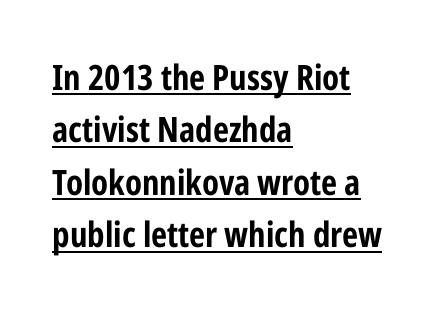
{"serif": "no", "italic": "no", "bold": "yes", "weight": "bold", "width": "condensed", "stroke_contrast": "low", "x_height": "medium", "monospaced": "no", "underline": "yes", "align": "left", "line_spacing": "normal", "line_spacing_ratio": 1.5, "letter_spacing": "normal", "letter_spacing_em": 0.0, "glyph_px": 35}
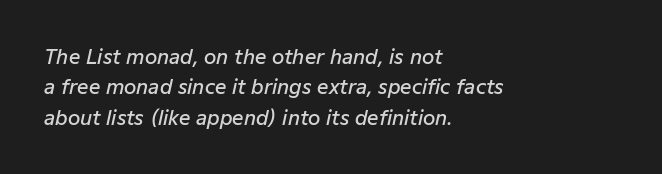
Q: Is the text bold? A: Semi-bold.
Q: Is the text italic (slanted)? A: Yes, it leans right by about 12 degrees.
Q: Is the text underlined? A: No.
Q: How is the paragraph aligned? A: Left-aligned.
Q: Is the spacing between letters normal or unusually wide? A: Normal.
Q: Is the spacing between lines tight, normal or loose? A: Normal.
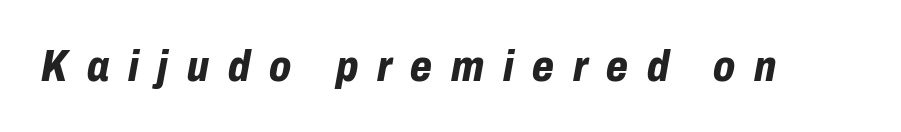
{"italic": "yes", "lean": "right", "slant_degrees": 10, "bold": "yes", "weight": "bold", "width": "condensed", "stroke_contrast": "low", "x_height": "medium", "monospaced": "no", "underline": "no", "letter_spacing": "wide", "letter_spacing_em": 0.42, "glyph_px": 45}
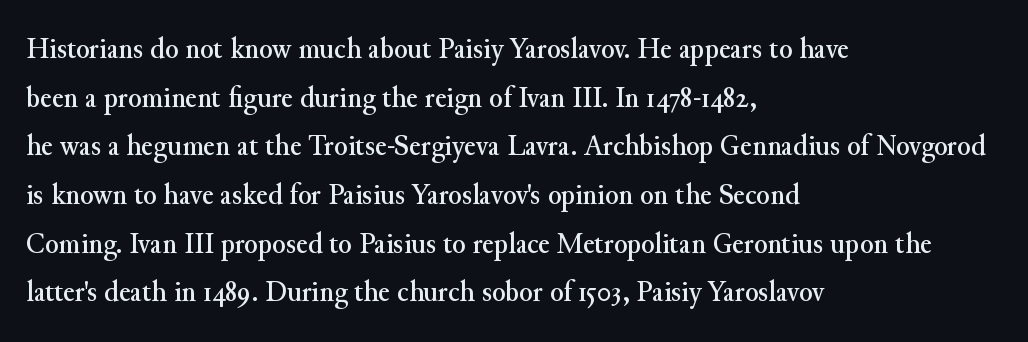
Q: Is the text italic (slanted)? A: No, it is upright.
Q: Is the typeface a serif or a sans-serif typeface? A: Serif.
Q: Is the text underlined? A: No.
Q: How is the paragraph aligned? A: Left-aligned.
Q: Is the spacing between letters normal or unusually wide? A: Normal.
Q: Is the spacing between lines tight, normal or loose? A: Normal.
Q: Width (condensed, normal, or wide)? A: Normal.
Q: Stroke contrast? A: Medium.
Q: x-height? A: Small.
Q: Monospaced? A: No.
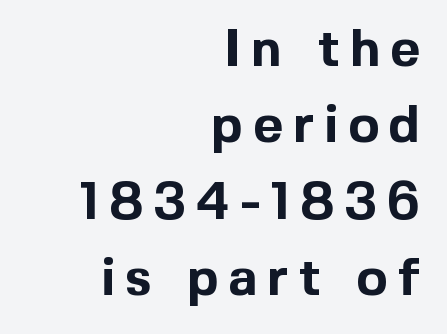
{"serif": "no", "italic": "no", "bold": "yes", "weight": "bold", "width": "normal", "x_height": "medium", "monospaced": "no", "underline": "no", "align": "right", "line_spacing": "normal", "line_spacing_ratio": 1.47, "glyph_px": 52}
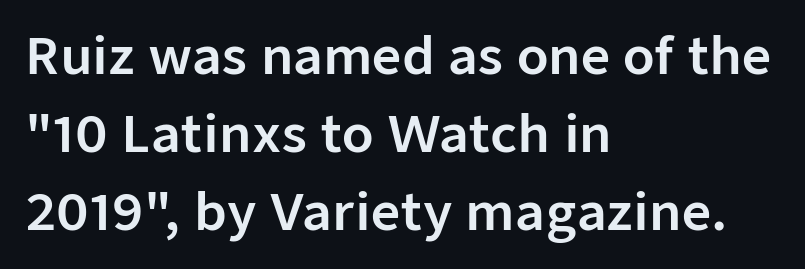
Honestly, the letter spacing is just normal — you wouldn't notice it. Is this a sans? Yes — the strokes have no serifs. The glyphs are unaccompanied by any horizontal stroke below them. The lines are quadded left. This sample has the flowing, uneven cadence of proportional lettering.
======
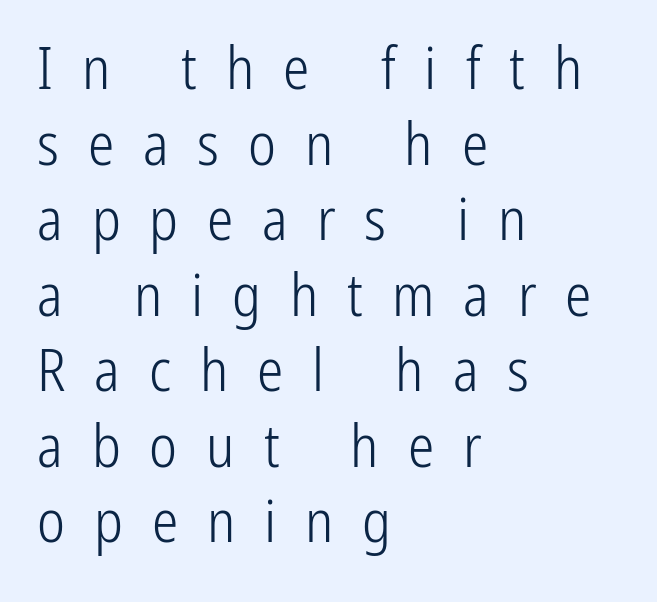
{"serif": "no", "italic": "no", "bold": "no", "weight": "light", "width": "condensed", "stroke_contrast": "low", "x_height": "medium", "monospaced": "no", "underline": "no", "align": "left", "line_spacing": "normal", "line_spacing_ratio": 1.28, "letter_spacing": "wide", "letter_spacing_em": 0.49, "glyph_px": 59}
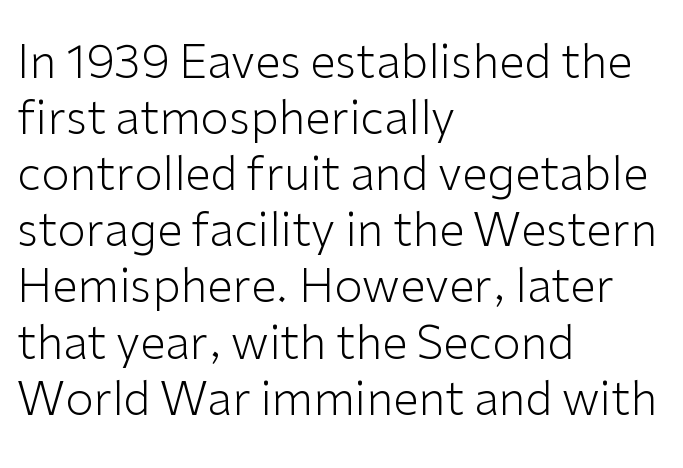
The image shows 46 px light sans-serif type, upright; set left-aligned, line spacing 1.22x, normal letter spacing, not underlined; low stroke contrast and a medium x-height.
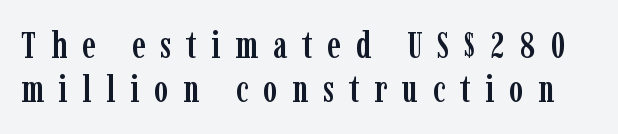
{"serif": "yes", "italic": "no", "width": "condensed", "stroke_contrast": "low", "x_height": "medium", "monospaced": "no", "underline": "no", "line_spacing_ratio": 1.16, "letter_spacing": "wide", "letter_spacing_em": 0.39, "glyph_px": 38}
======
Aim of the task: All lines of the records containing "sans" should be shown.

Answer for this exercise:
Q: Is the typeface a serif or a sans-serif typeface? A: Serif.
Honestly, the letter spacing is just normal — you wouldn't notice it. Is this a sans? Yes — the strokes have no serifs. The glyphs are unaccompanied by any horizontal stroke below them. The lines are quadded left. This sample has the flowing, uneven cadence of proportional lettering.
The image shows 46 px light sans-serif type, upright; set left-aligned, line spacing 1.22x, normal letter spacing, not underlined; low stroke contrast and a medium x-height.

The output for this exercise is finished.